Data scientists must be able to build and run code in order to create models. The most popular programming languages among data scientists are open source tools that include or support pre-built statistical, machine learning and graphics capabilities. These languages include:
R: An open source programming language and environment for developing statistical computing and graphics, R is the most popular programming language among data scientists. R provides a broad variety of libraries and tools for cleansing and prepping data, creating visualizations, and training and evaluating machine learning and deep learning algorithms. It’s also widely used among data science scholars and researchers.
Python: Python is a general-purpose, object-oriented, high-level programming language that emphasizes code readability through its distinctive generous use of white space. Several Python libraries support data science tasks, including Numpy for handling large dimensional arrays, Pandas for data manipulation and analysis, and Matplotlib for building data visualizations.

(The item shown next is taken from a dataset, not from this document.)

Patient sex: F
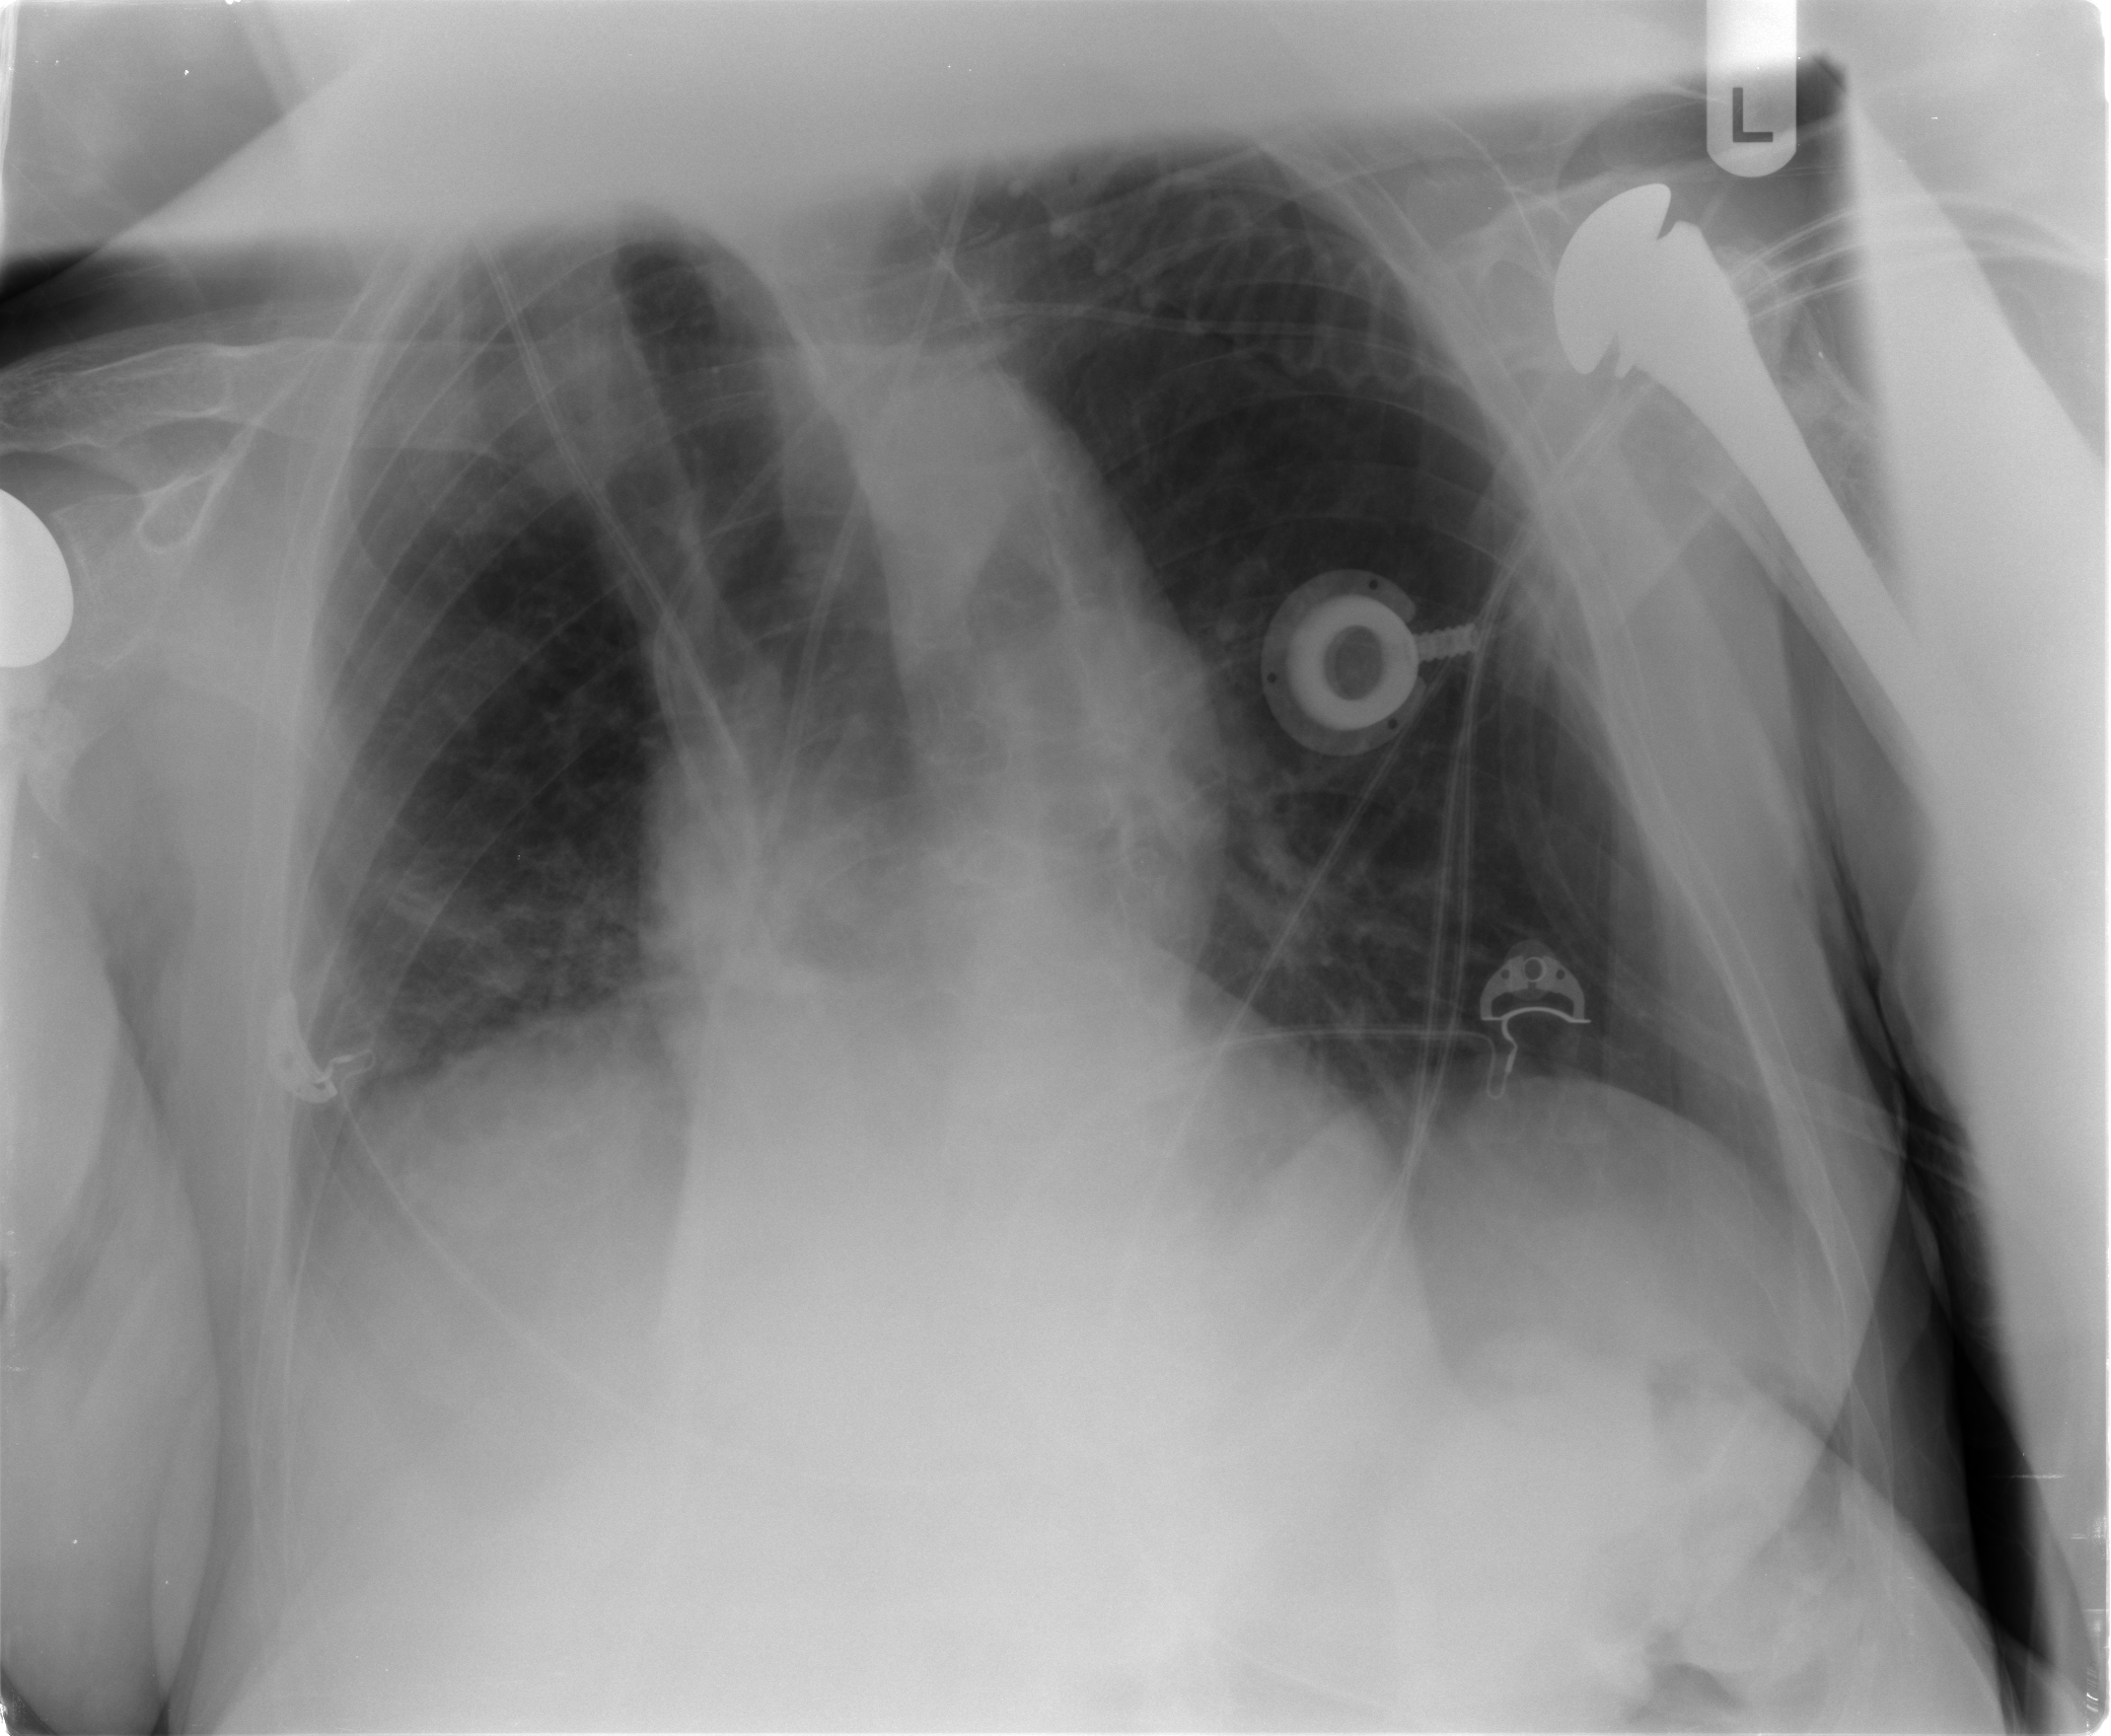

For a deep dive into the differences between these approaches, check out "Python vs. R: What's the Difference?"
Data scientists need to be proficient in the use of big data processing platforms, such as Apache Spark and Apache Hadoop. They also need to be skilled with a wide range of data visualization tools, including the simple graphics tools included with business presentation and spreadsheet applications, built-for-purpose commercial visualization tools like Tableau and Microsoft PowerBI, and open source tools like D3.js (a JavaScript library for creating interactive data visualizations) and RAW Graphs.